Report from Amsterdam: Bruidstranen (Bride’s Tears)

By Robert Israel

A view of the Prinsengracht canal, Amsterdam, Holland.

(dedicated to Jeremy Chase-Israel)

The canals were swollen from the rain. I crossed the footbridge and heard runoff gushing from drainpipes, emptying into the canals below.

I sought refuge inside a grocery store. I dry wiped my eyeglasses and the first thing that came into focus was the smile of a milkmaid hawking Droste’s baking chocolate on the wall opposite the frozen food aisle. Beside it hung a historical plaque that explained that the Nazis had once commandeered the store as Gestapo headquarters. To offer further proof, two framed, black and white photos hung beside the plaque, one showing a swastika in the window, the other a S.S. sentry in mufti, standing by the entrance I had just walked through.

Nearby I had toured the Anne Frank “secret annex” on the Prinsengracht, the place where she and her family hid, until the Gestapo – no doubt the same thug shown at parade rest in the photo — arrested them, tipped off to their whereabouts by rat-bastard collaborationists. Anxiety overcame me. I quit the store hurriedly. Yet I could not lose the images of the Nazi scourge. The streets offered no relief. Fatigue, amplified by the sound of my own footsteps sloshing alongside the canals, prevented me from retreating to a dry, familiar place in my mind.

Amsterdam, like so many European cities once overrun by jackboots, is moody even in bright sunlight. Forced gaiety scarcely conceals these scars. Public drunkenness, stoners exhaling hashish fumes, and prostitutes with lipstick smiles embracing customers in red-lit storefront windows for all to see amplifies this atmosphere of recklessness. On a sodden night, the city is a Walpurgisnacht carnival. Dark spirits are afoot.

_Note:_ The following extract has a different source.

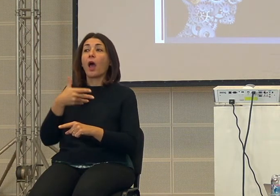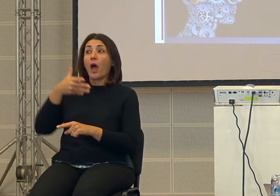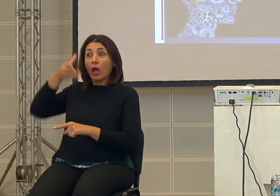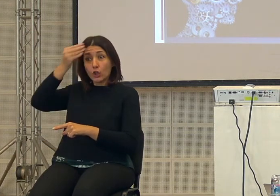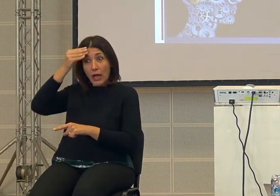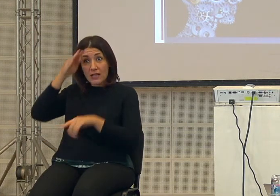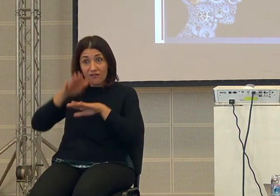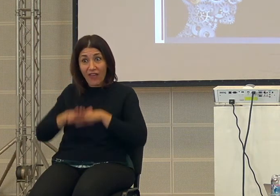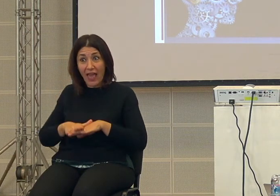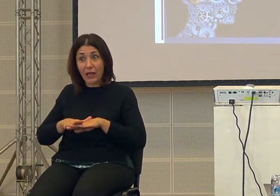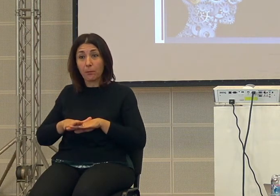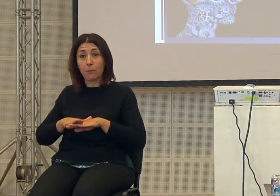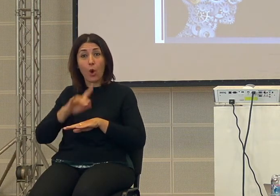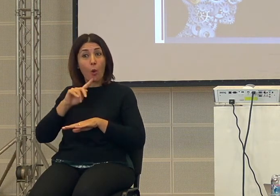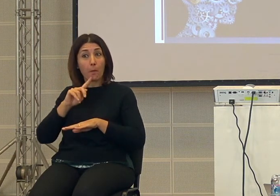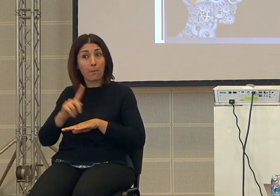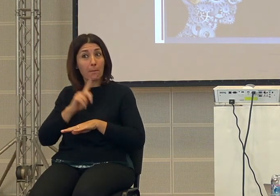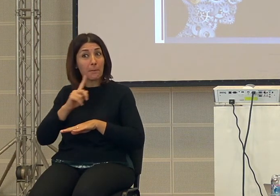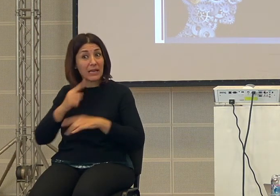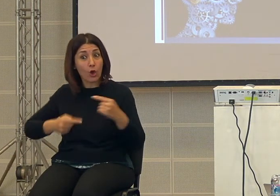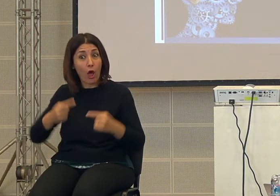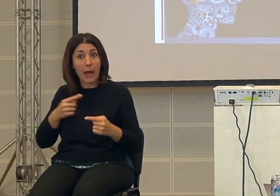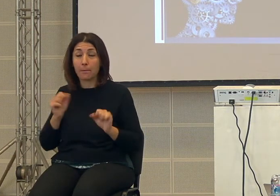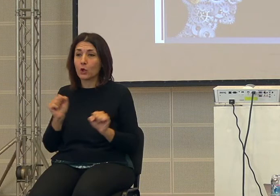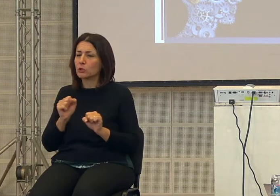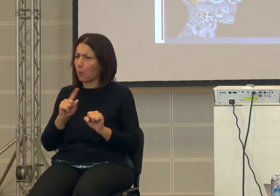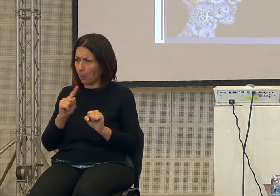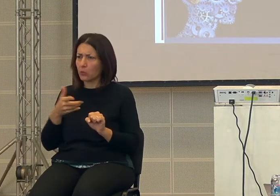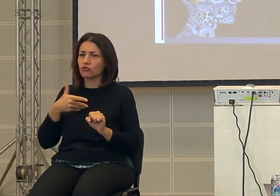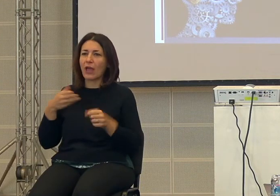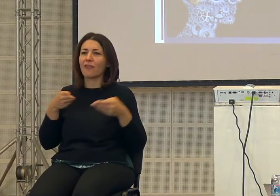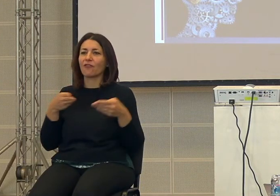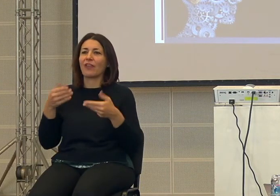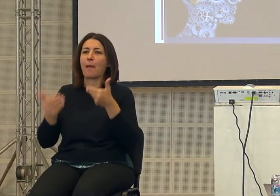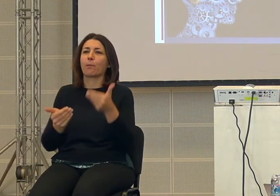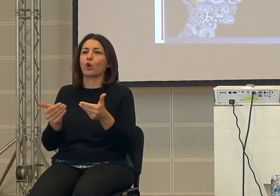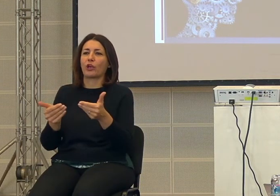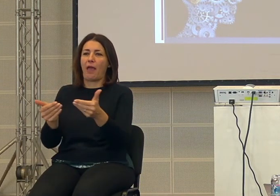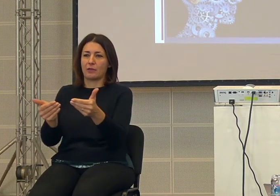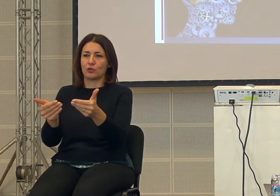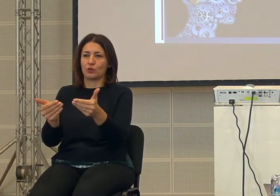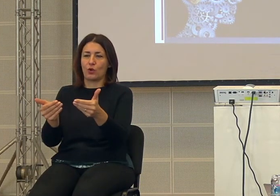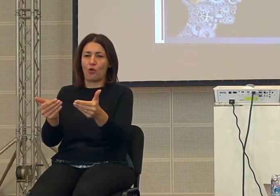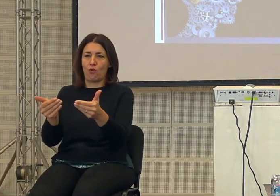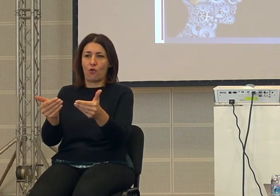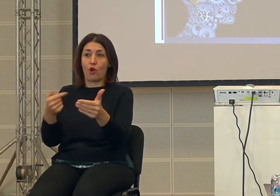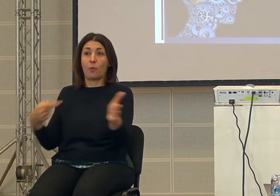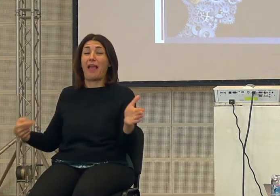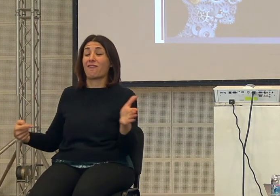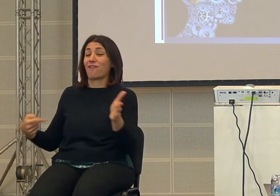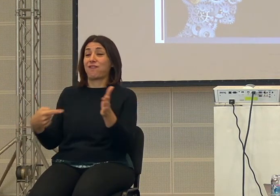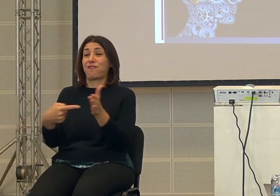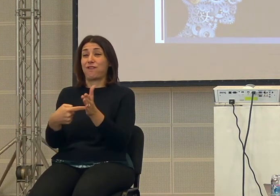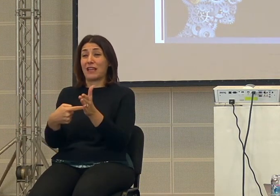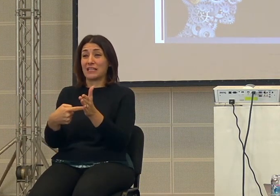che si può quindi migliorare si apre la via del progresso perché? perché se le cose non sono fisse per sempre

Even before the rain fell, my visit had not augured well. The museums had long lines and tourists rubbernecked to catch glimpses of Vincent Van Gogh’s torturous self-portraits: his psychotic eyes followed me from gallery to gallery. My hotel was schlecht: upon checking in the night before, the ceiling light – a single chord with a bare light bulb and pull chain — crashed to the floor when I went to turn it on, followed by sparks and broken glass. The day manager, once informed, told me to leave my luggage with him until a new room could be made up. “Go to dinner, have a beer, and I’ll take care of everything,” he said. Returning an hour later, my luggage was missing, the manager had gone off duty, there was no note directing me to a new room, and, while the broken glass had been swept up, the lock on my door was jammed. That night, I lay awake fully dressed, fearing someone would come in to violate me. The next morning the day manager found my missing luggage but refused to refund my 65 Euros. With a maniacal insistence that surprised even me, I leaned over the counter, grabbed him by his lapels and threatened to thrash him, prompting him to quickly fork over the bank notes from his suit coat pocket. Dinner that night was impossible: the Dutch invite their dogs to sit tableside, and the place smelled like a kennel; I ate hurriedly lest a brindled mastiff, glaring at me from an adjacent table, his jowls drooling with spittle, might grab the medallion of undercooked beef from my fork. Wandering alone down the streets to the docks of the Leidseplein, where tourists depart for booze-fueled tours of the foul canals, I happened on a monument to Jews once herded from their homes and forced onto boats that took them straightaway to the furnaces of Hell.

I had made up my mind to quit the city altogether on the first flight bound for the States out of Schiphol airport, but first I had to get out of the rain.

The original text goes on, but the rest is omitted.